▶ **PROVIDED INFORMATION**
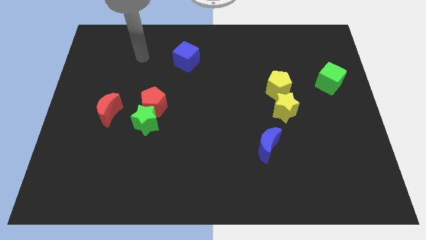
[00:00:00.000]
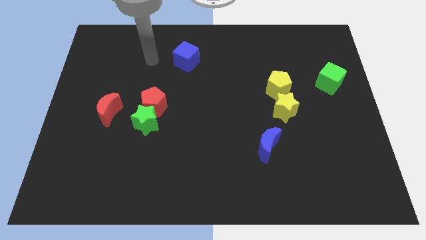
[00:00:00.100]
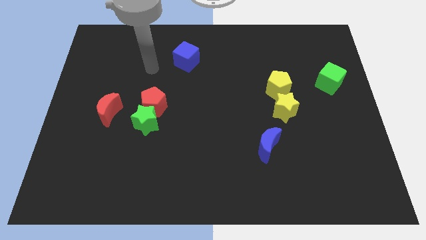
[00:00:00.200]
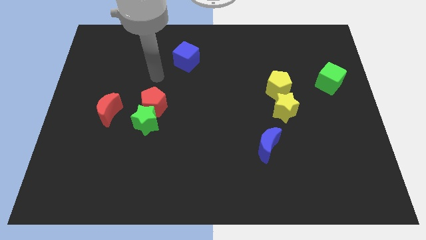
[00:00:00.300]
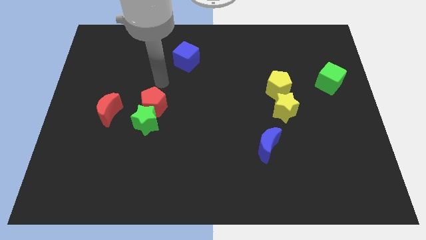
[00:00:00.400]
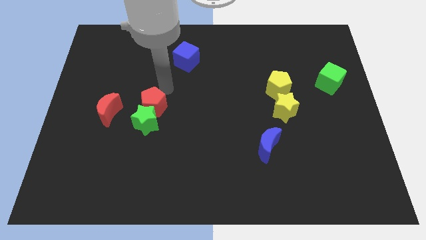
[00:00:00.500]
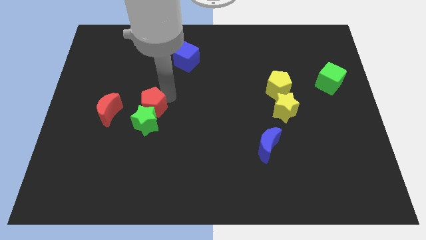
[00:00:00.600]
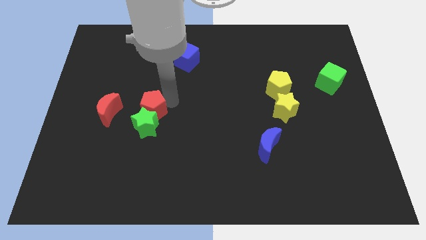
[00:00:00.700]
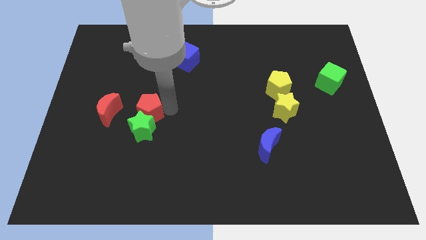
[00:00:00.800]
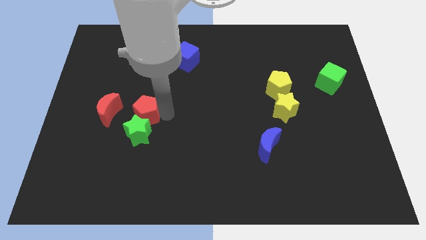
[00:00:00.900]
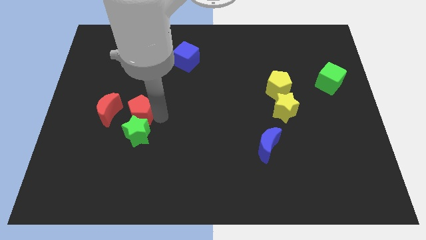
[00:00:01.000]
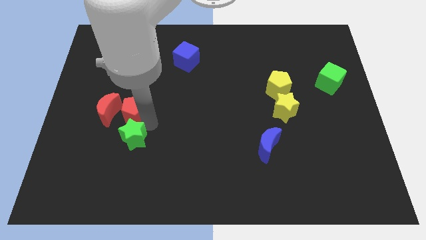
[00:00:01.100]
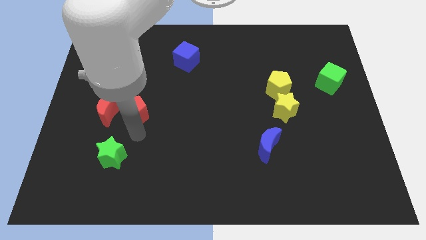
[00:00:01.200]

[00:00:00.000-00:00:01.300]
pull the red pentagon apart from the green star

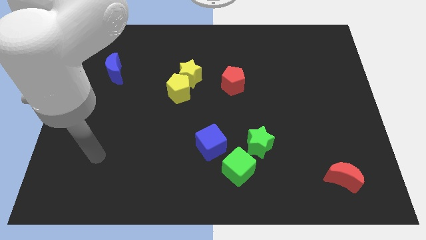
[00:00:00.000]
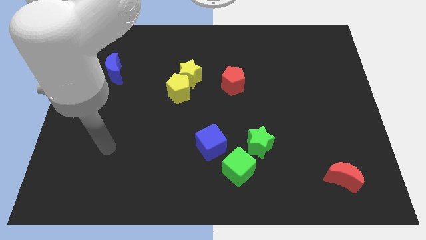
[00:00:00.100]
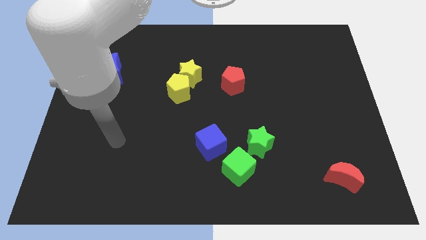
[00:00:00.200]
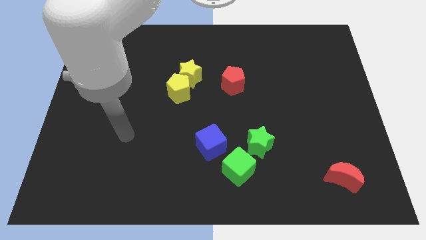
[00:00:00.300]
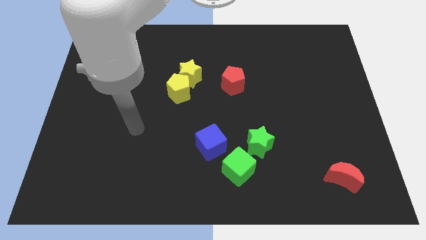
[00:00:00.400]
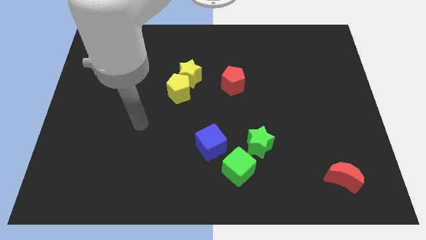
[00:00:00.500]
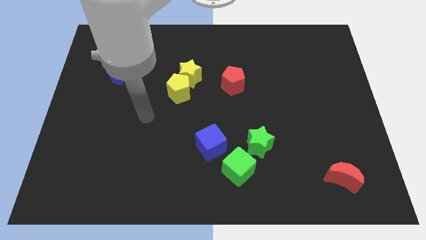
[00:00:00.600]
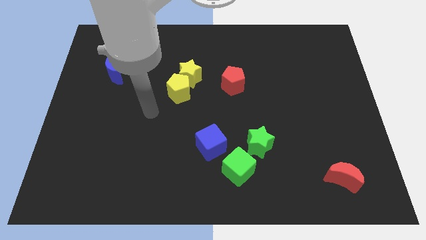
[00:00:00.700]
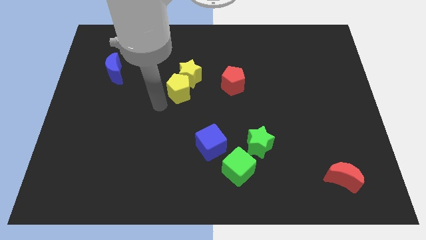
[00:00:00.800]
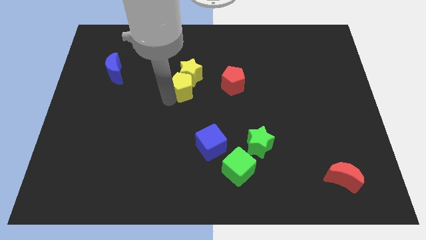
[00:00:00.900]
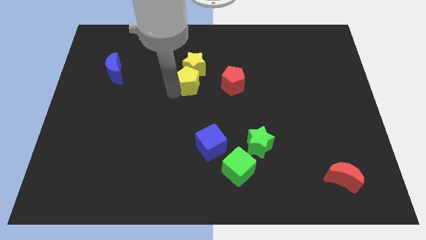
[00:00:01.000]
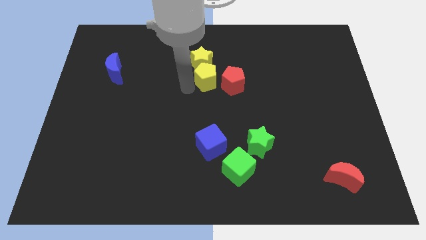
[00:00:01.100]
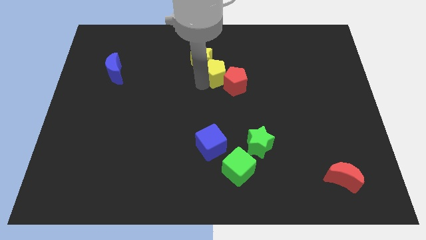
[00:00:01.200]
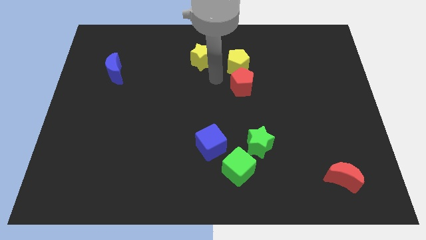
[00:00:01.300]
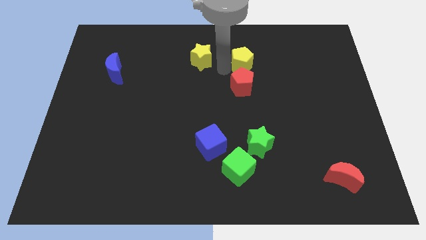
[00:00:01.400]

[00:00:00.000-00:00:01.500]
move the yellow star away from the yellow pentagon

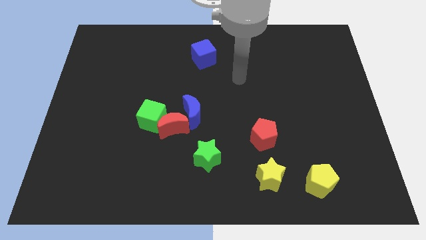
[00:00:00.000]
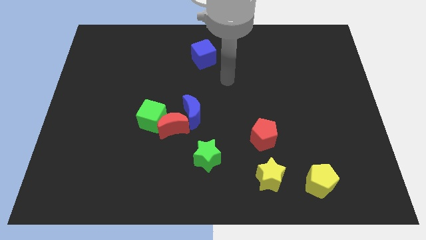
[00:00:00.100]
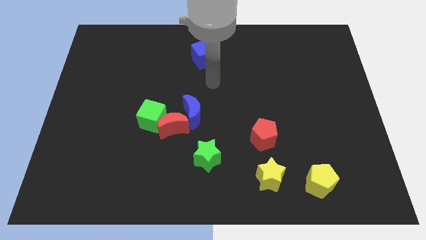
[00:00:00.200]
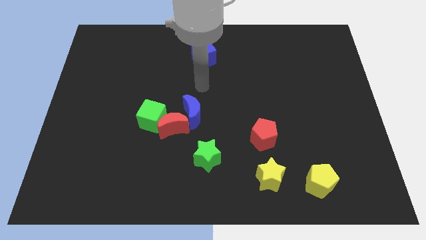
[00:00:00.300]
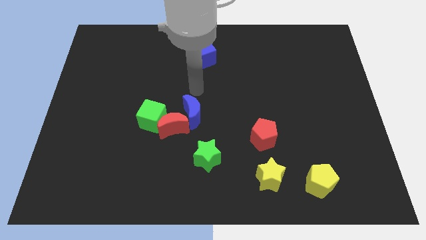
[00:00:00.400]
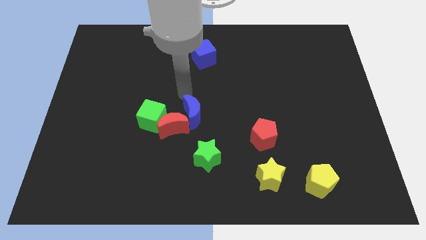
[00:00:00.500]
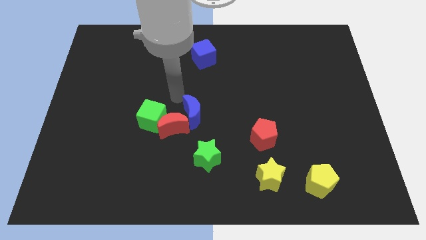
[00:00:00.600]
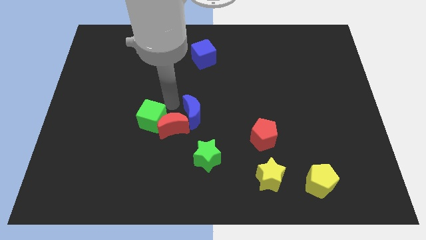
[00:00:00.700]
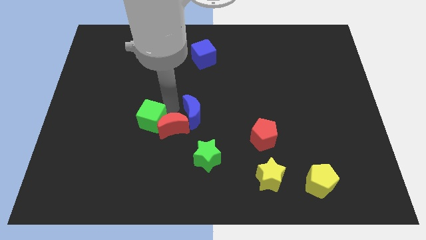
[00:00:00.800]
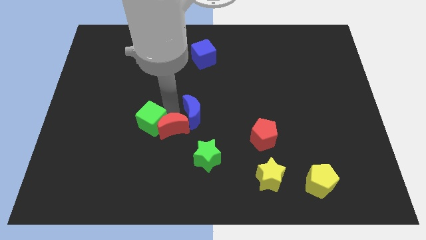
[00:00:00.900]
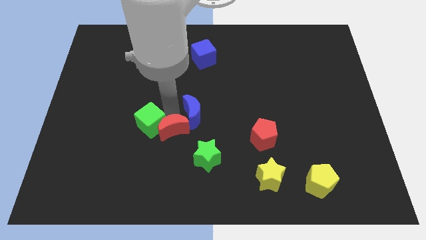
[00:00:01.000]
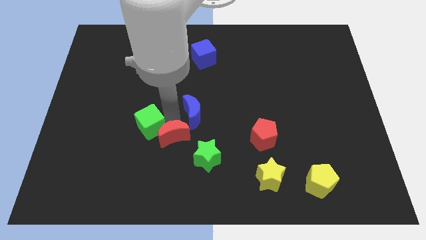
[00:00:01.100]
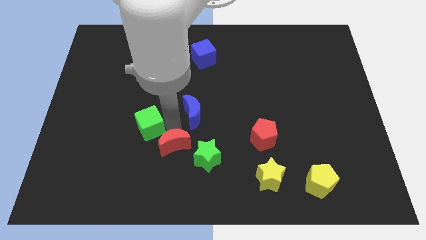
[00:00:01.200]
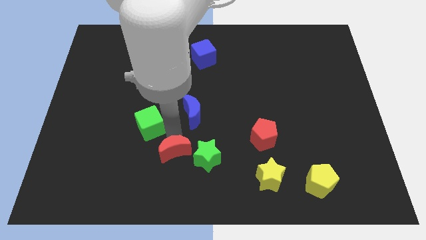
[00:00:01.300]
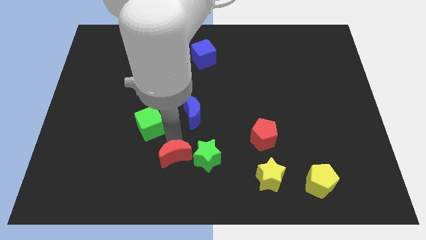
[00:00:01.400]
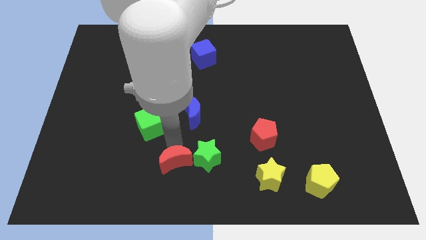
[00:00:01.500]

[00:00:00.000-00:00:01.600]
separate the red moon from the green cube and blue moon

▶ **PROBLEM TO WORK ON**
Make an exact copy of the listing above. Do not include the pictures.

▶ **ANSWER TO THIS EXERCISE**
[00:00:00.000]
[00:00:00.100]
[00:00:00.200]
[00:00:00.300]
[00:00:00.400]
[00:00:00.500]
[00:00:00.600]
[00:00:00.700]
[00:00:00.800]
[00:00:00.900]
[00:00:01.000]
[00:00:01.100]
[00:00:01.200]

[00:00:00.000-00:00:01.300]
pull the red pentagon apart from the green star

[00:00:00.000]
[00:00:00.100]
[00:00:00.200]
[00:00:00.300]
[00:00:00.400]
[00:00:00.500]
[00:00:00.600]
[00:00:00.700]
[00:00:00.800]
[00:00:00.900]
[00:00:01.000]
[00:00:01.100]
[00:00:01.200]
[00:00:01.300]
[00:00:01.400]

[00:00:00.000-00:00:01.500]
move the yellow star away from the yellow pentagon

[00:00:00.000]
[00:00:00.100]
[00:00:00.200]
[00:00:00.300]
[00:00:00.400]
[00:00:00.500]
[00:00:00.600]
[00:00:00.700]
[00:00:00.800]
[00:00:00.900]
[00:00:01.000]
[00:00:01.100]
[00:00:01.200]
[00:00:01.300]
[00:00:01.400]
[00:00:01.500]

[00:00:00.000-00:00:01.600]
separate the red moon from the green cube and blue moon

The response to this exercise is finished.